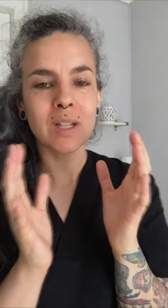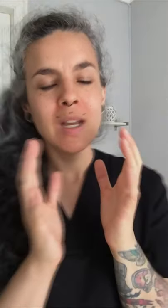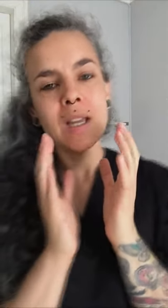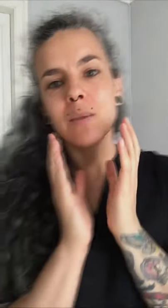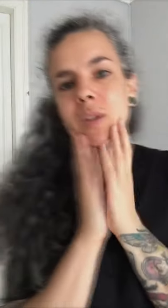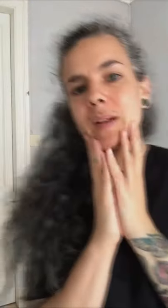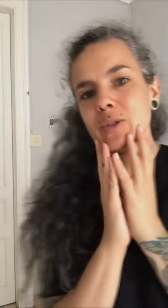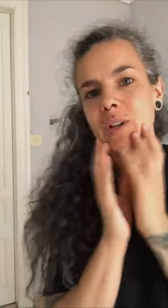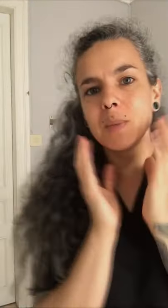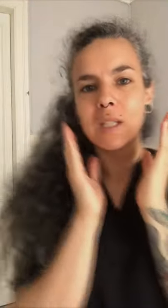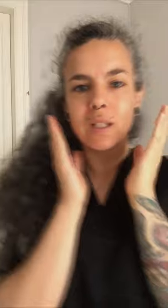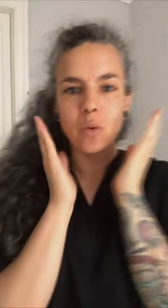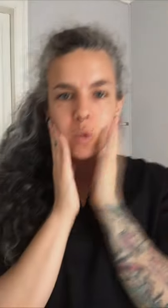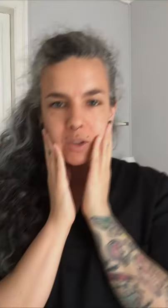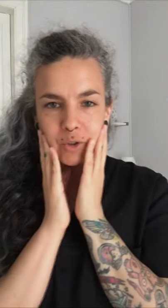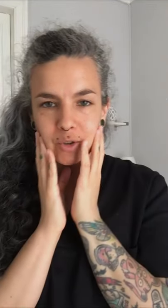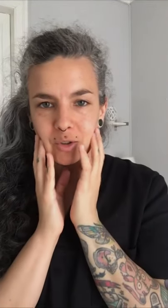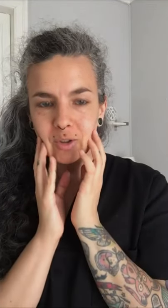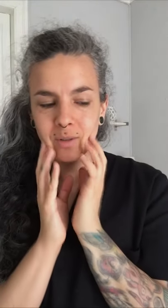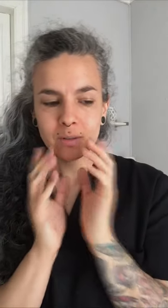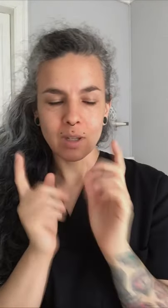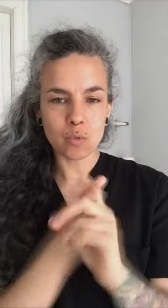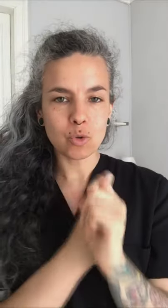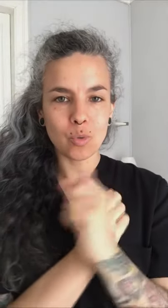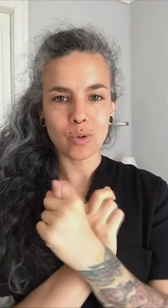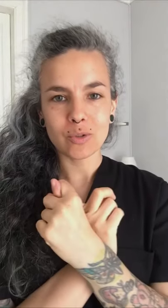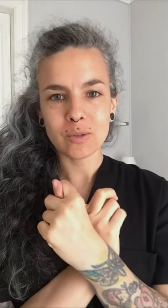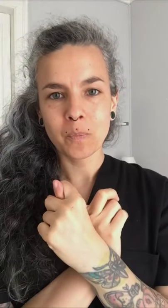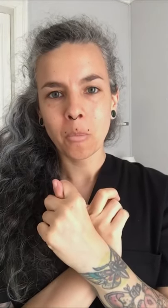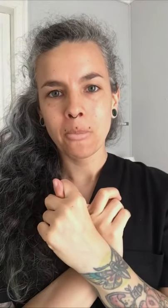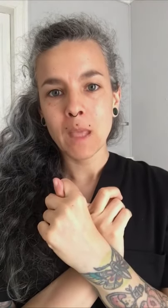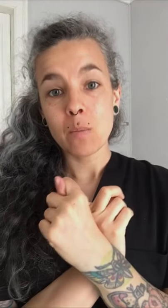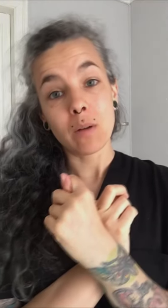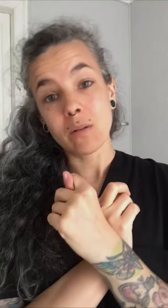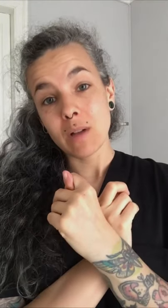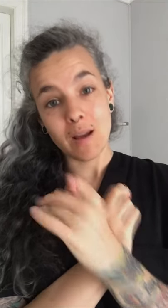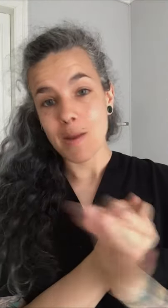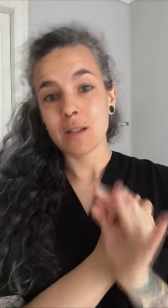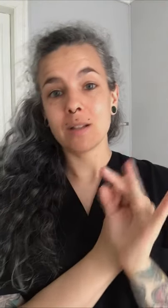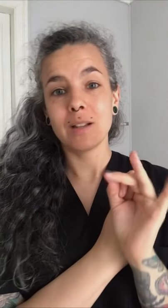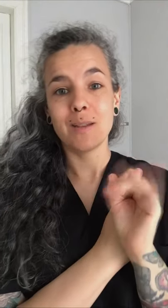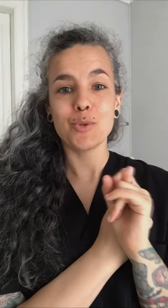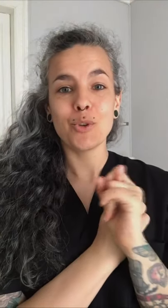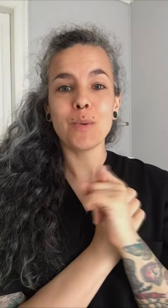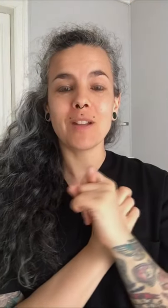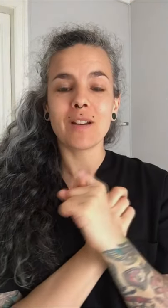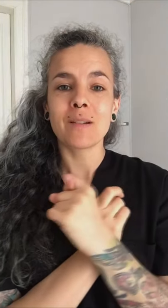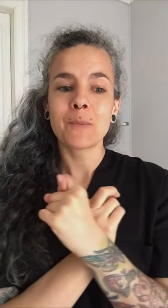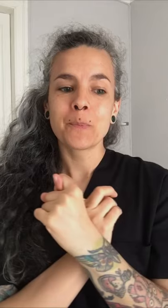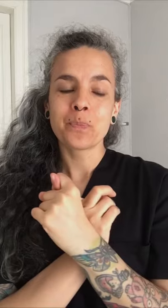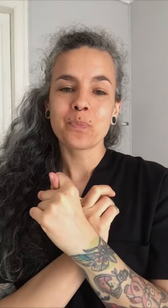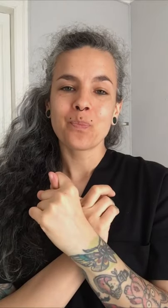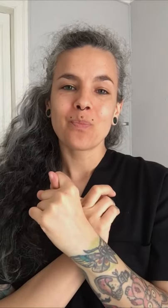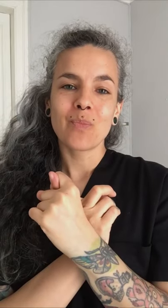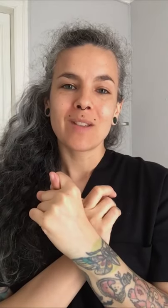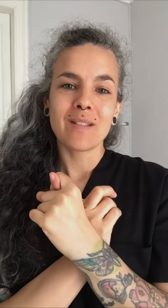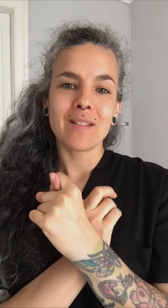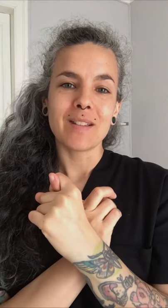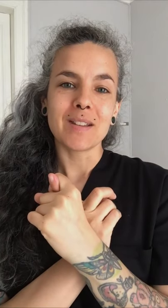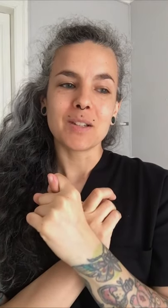Y hemos hablado solamente de huesos y músculos, pero jamás tenemos que olvidar que a
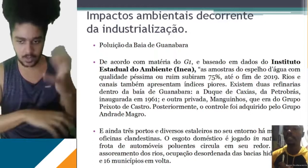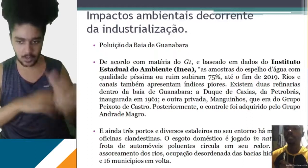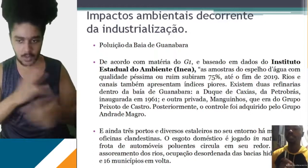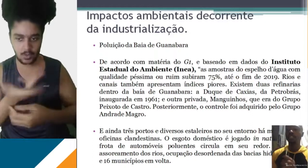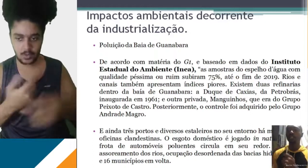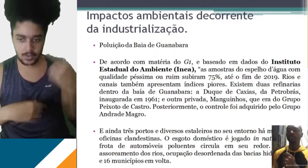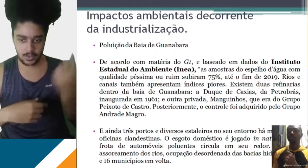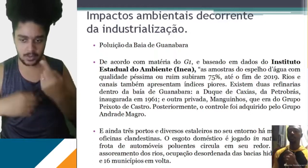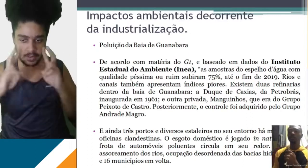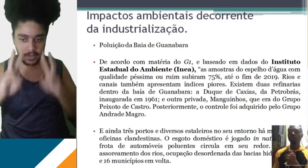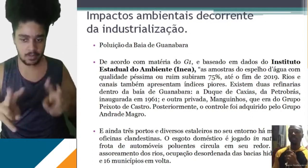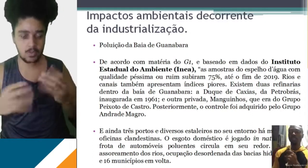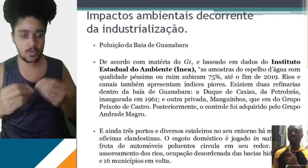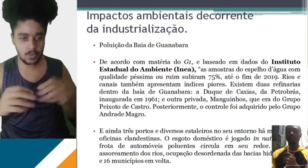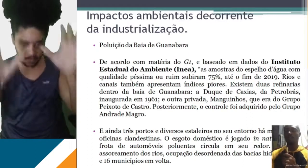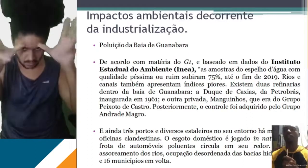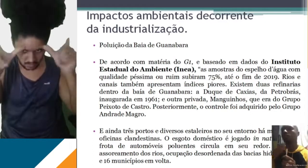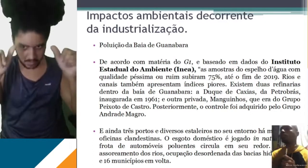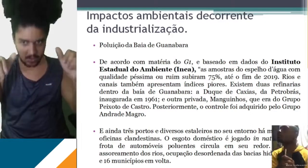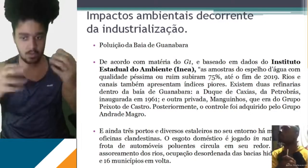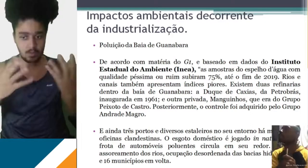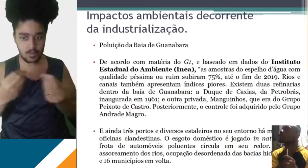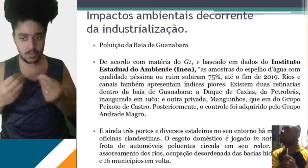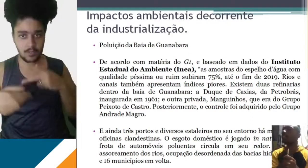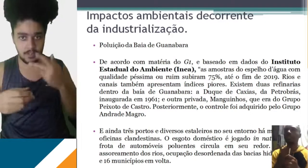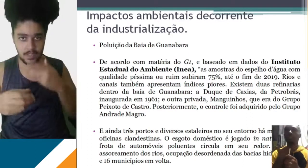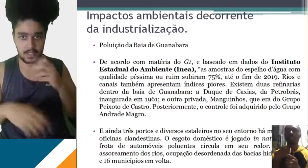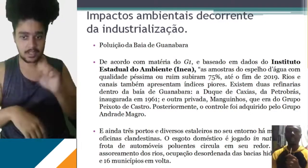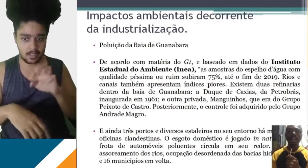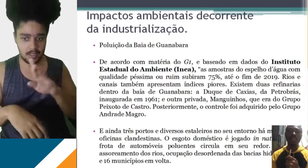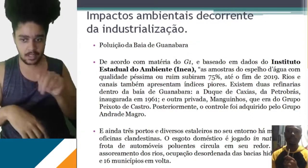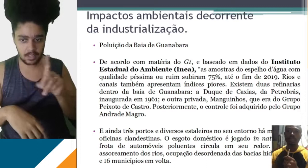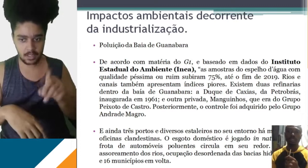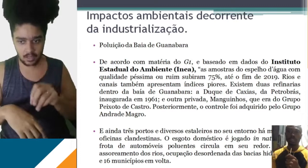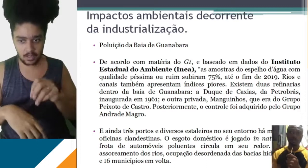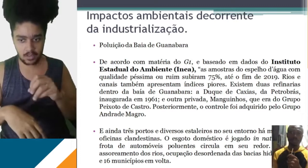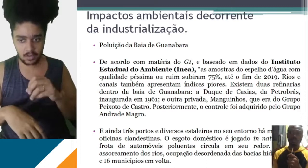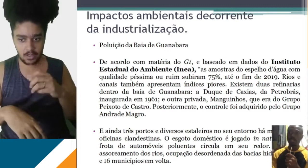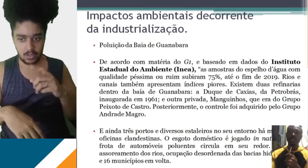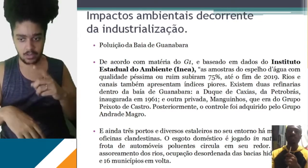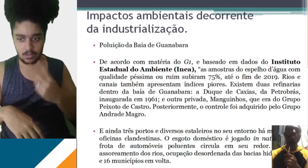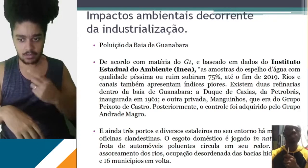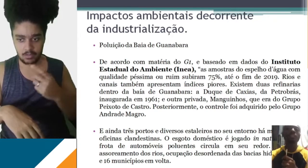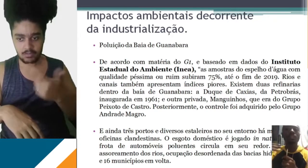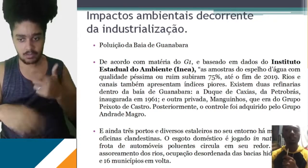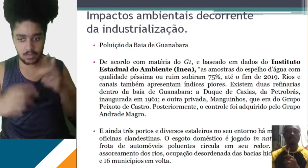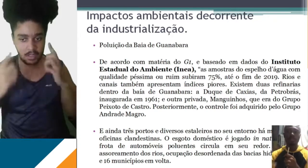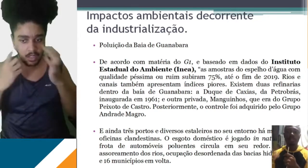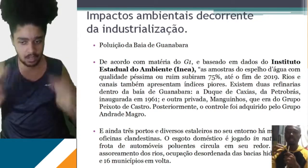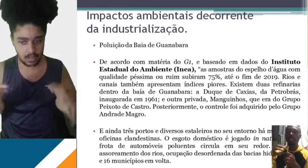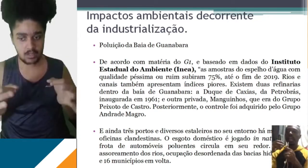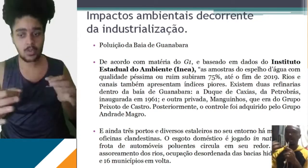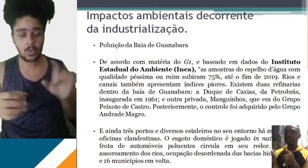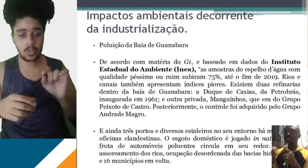a gente vê muito falar da Amazônia, muito falar do Cerrado, mas às vezes a gente mora aqui no estado e a gente não se afenta ao que está
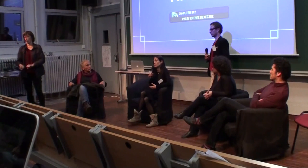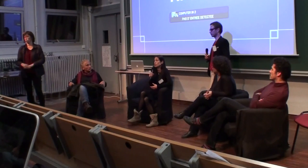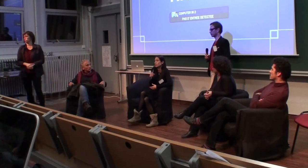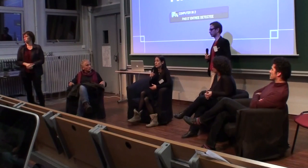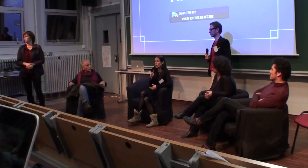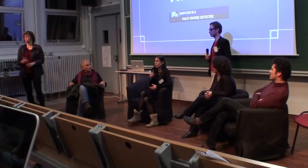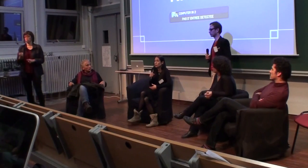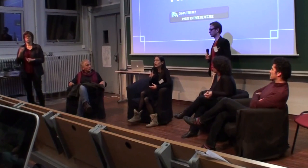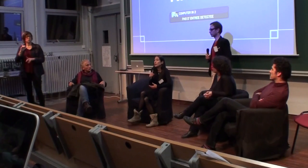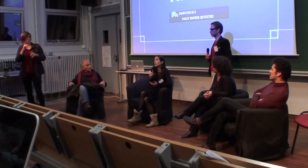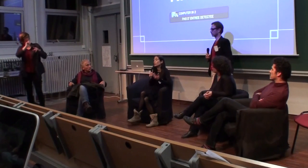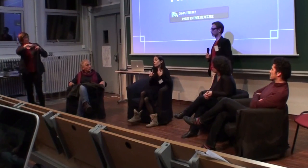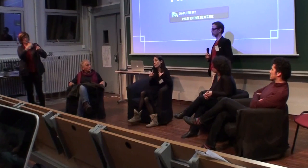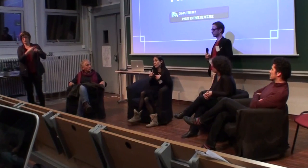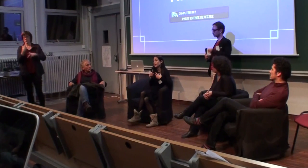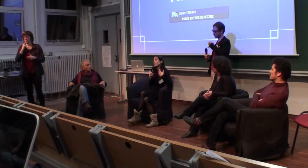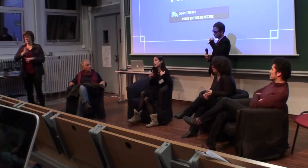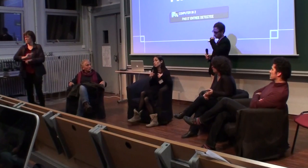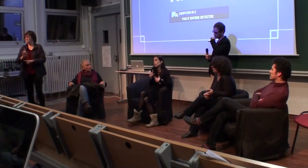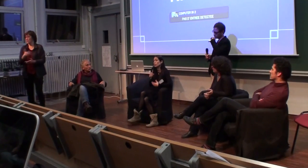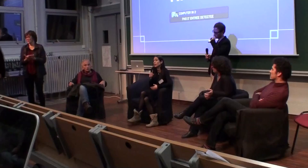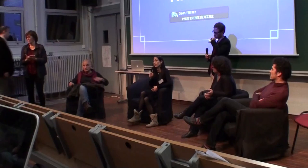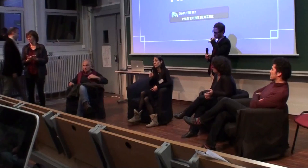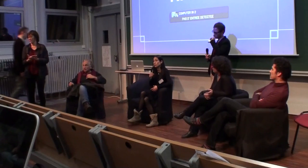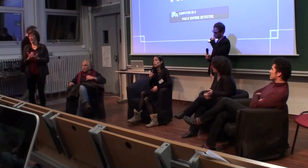c'est sûr qu ne veulent pas entendre, et donc, on voulait faire naître, justement, une réflexion

* **YOUR OBJECTIVE**:
The data above must be given again in full and unaltered, minus its images.

* **EXERCISE RESULT**:
Y hemos hablado solamente de huesos y músculos, pero jamás tenemos que olvidar que a
a gente vê muito falar da Amazônia, muito falar do Cerrado, mas às vezes a gente mora aqui no estado e a gente não se afenta ao que está
c'est sûr qu ne veulent pas entendre, et donc, on voulait faire naître, justement, une réflexion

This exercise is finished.